所以,每當孔家有大的決策的時候,孔應生都會帶著禮物,去拜訪老人。說是拜訪,其實就是去征求孔老爺子的意見:這塊地值不值得買啊,會不會虧啊?這樣之類的問題。
但孔老太爺總會用一堆孔應生聽不懂的話語將其打發,這讓孔應生只能硬著頭皮去推測父親話中的深意。
可能,這就是孔應生和王爵說話的時候總是拐彎抹角,繞著圈子說話的根本原因吧——有其父必有其子!
即便如此,這也不影響孔應生對父親的尊敬之情。
孔應生去過王爵的住處后,直接就來到了舊城區,車是不敢開道老宅門口去的,跟了他十幾年的保鏢也深深地知道這一點——孔老太爺不喜歡車子的聲音。
所以,車在進入舊城區的時候就被停在馬路邊上,三人步行到了老宅門口。
孔應生一個眼神示意,兩位保鏢照舊在門口當起了門神,一左一右。
然后,孔應生整理過衣領,調整好儀容,才進了大門。
坐在一把老舊藤椅上的孔老太爺,聽到門口傳來的腳步聲,頭也沒有扭。
“你回來啦?”孔老太爺語調平和地說到,“這天氣眼看就要變冷了!”
孔應生走到老人身邊,躬下身體,把藤椅挪了一個方向,以便老爺子能更好地享受這秋末的暖陽。
“嗯!”
孔老爺子雙手正在藤椅的扶手上,說道:“那個王爵怎么樣?”
“果然如您所說,不是個簡單的人!”孔應生說道,言語中帶著一絲激動。
“嘿!”
看到孔老太爺似乎想要從椅子上起來,孔應生連忙上前扶了一把。
“今天的太陽有點不太對!”孔老太爺并沒有接著孔應生的話題說什么,而是評價起這天氣來。
孔應生腦子飛轉,思考著句話是否蘊含著什么深意。
“不知道我這把老骨頭還能過這樣的日子多久!”
雖然嘴里這樣說,但孔老太爺的臉上并沒有那種惋惜的神色。如果有人在場的話,就會發現,孔老太爺臉上的那種笑容,和孔應生如出一轍。哦,不對,可能說反了,反正就是說,兩人的臉上都是那種祥和恬淡的笑容。

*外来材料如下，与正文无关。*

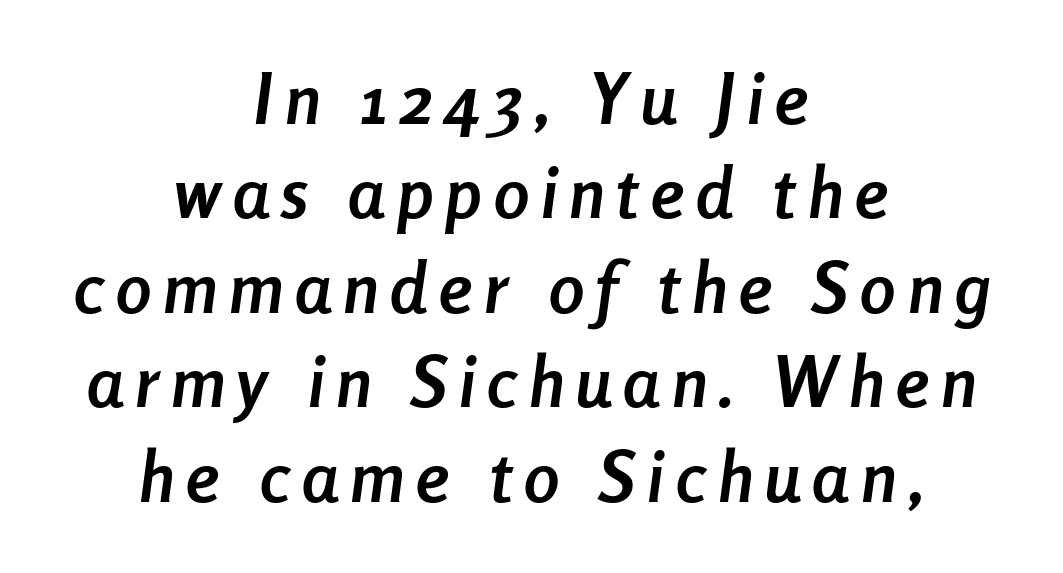
The block of text has a typical density, with ordinary space between rows. Neither beginnings nor endings align; midpoints do. Decoration check: the copy has no underline. Looking at the ascenders, they clearly lean. Is this a fixed-width face? No — the glyphs have proportional, varying widths.
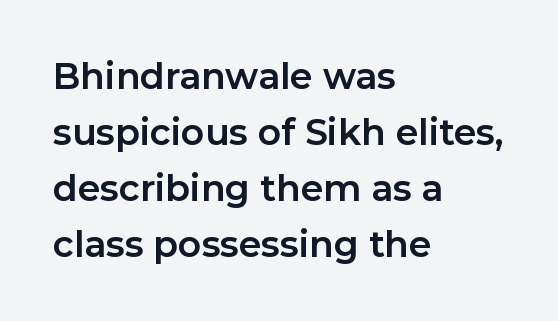
The image shows 36 px bold sans-serif type, upright; set left-aligned, normal line spacing (1.56x), normal letter spacing, not underlined; low stroke contrast and a medium x-height.
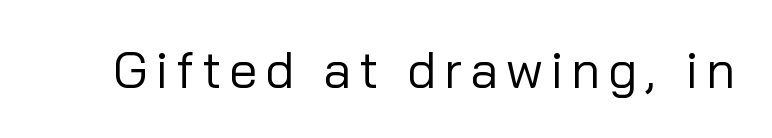
Q: Is the text bold? A: No.
Q: Is the text italic (slanted)? A: No, it is upright.
Q: Is the typeface a serif or a sans-serif typeface? A: Sans-serif.
Q: Is the text underlined? A: No.
Q: Width (condensed, normal, or wide)? A: Normal.
Q: Stroke contrast? A: Low.
Q: x-height? A: Medium.
Q: Monospaced? A: No.
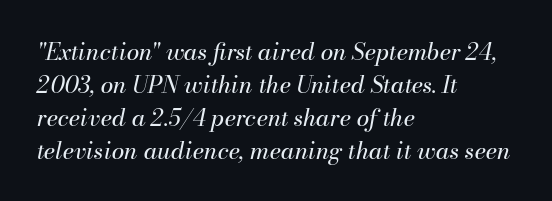
Q: Is the text bold? A: No.
Q: Is the text italic (slanted)? A: Yes, it leans right by about 13 degrees.
Q: Is the text underlined? A: No.
Q: How is the paragraph aligned? A: Left-aligned.
Q: Is the spacing between letters normal or unusually wide? A: Normal.
Q: Is the spacing between lines tight, normal or loose? A: Normal.
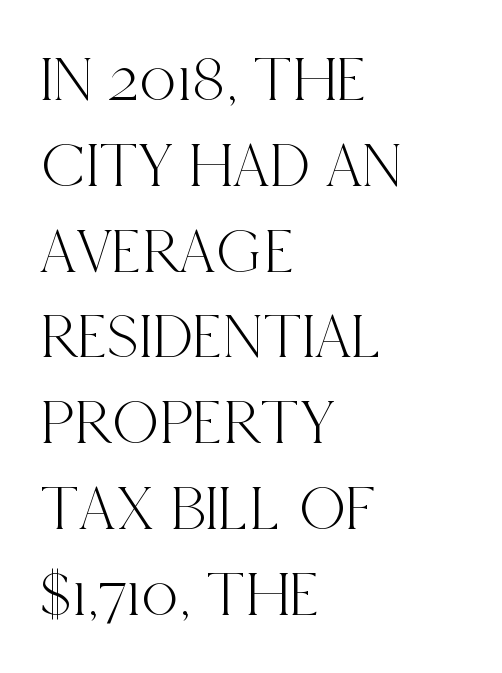
{"serif": "yes", "italic": "no", "width": "condensed", "x_height": "large", "monospaced": "no", "underline": "no", "align": "left", "line_spacing": "normal", "line_spacing_ratio": 1.32, "letter_spacing": "normal", "letter_spacing_em": 0.0, "glyph_px": 65}

“爸,您這就說笑了,瞧您這硬朗勁而,從西門跑到東門都不帶喘的體格,我覺著吧,您至少能活到一百,這還是至少!一百二十歲也不是不可能。”
說到這個,孔應生突然開始貧嘴,這種狀態的孔應生,也許只有在面對自己父親的時候才會有吧!
孔老太爺慈愛地看著孔應生,說到:“你啊,作為家主還這么貧,怎么在孩子們面前做表率?”

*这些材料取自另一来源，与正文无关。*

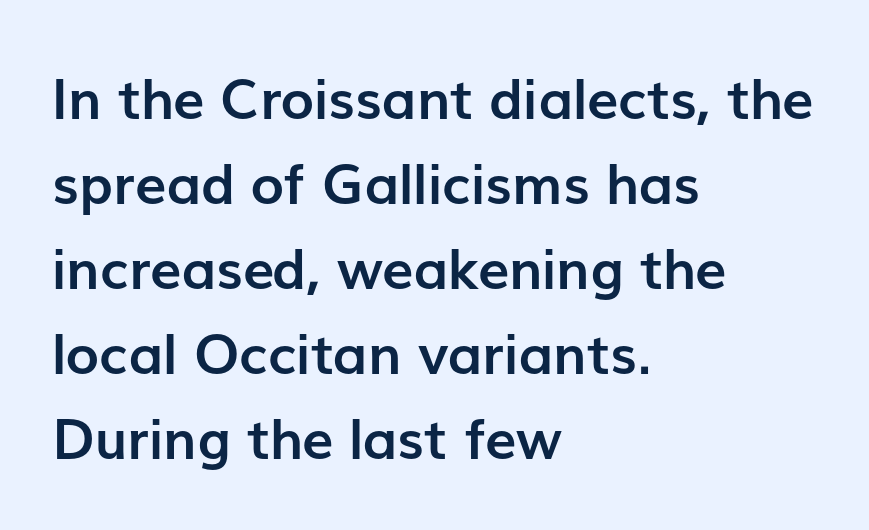
Q: Is the text bold? A: Yes.
Q: Is the text italic (slanted)? A: No, it is upright.
Q: Is the typeface a serif or a sans-serif typeface? A: Sans-serif.
Q: Is the text underlined? A: No.
Q: How is the paragraph aligned? A: Left-aligned.
Q: Is the spacing between letters normal or unusually wide? A: Normal.
Q: Is the spacing between lines tight, normal or loose? A: Normal.
Q: Width (condensed, normal, or wide)? A: Normal.
Q: Stroke contrast? A: Low.
Q: x-height? A: Medium.
Q: Monospaced? A: No.
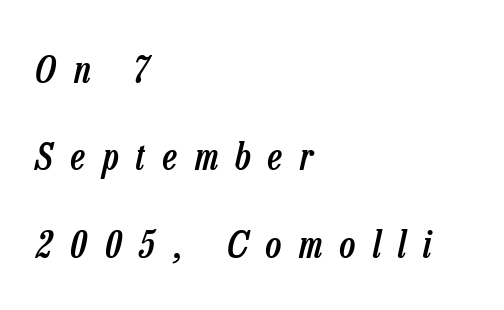
Q: Is the text bold? A: Semi-bold.
Q: Is the text italic (slanted)? A: Yes, it leans right by about 13 degrees.
Q: Is the text underlined? A: No.
Q: How is the paragraph aligned? A: Left-aligned.
Q: Is the spacing between letters normal or unusually wide? A: Unusually wide.
Q: Is the spacing between lines tight, normal or loose? A: Loose.
Q: Width (condensed, normal, or wide)? A: Condensed.
Q: Stroke contrast? A: Low.
Q: x-height? A: Medium.
Q: Monospaced? A: No.
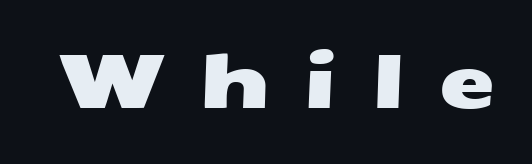
The image shows 74 px wide sans-serif type; set unusually wide letter spacing (+0.46 em), not underlined; medium stroke contrast and a medium x-height.

雖然是責備的話語,但孔應生卻聽得心頭暖暖的,說道:“我這不是在您面前才這樣嘛!”
接著孔老太爺換成嚴肅的口吻說道:“長江后浪推前浪,切勿仗著孔家的威勢小瞧這個王爵!你可記得我們孔家的對待朋友的家訓?”
“以禮相待,以德服人!”孔應生站直了身子,說道。
“孔家雖然在帝都和其他家族交往不深,是因為對于孔家來說,朋友,寧缺毋濫!”孔老太爺說道,“而這個王爵,就是孔家值得結交的人!”
“是的,父親!在他面前,對于郭家和杜家的事情,我也旁敲側擊過,但是他好像并不愿意承認!”

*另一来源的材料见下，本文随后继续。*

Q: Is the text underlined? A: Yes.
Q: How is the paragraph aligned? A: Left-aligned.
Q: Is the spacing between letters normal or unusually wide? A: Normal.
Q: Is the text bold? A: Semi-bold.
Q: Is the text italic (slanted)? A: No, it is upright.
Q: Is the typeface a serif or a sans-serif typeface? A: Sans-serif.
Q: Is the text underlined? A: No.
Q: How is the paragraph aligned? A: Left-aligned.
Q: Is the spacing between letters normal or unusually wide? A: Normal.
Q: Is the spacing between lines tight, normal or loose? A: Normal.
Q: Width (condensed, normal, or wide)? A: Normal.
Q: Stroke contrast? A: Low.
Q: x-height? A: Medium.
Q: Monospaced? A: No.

“呵呵,不要被表面現象蒙住了雙眼,他的厲害之處,完全止在郭家和杜家這兩件事上,慢慢,你就會知道的。”過老太爺指著孔應生說道,“總之,王爵,就是我孔家的上賓!”
聽到父親對王爵竟然有如此高的評價,孔應生心中暗暗心驚:這個王爵還有什么是自己不知道的嗎?
“對了,你去我房里,把那株五百年的靈芝拿出來。”孔老爺子突然說道。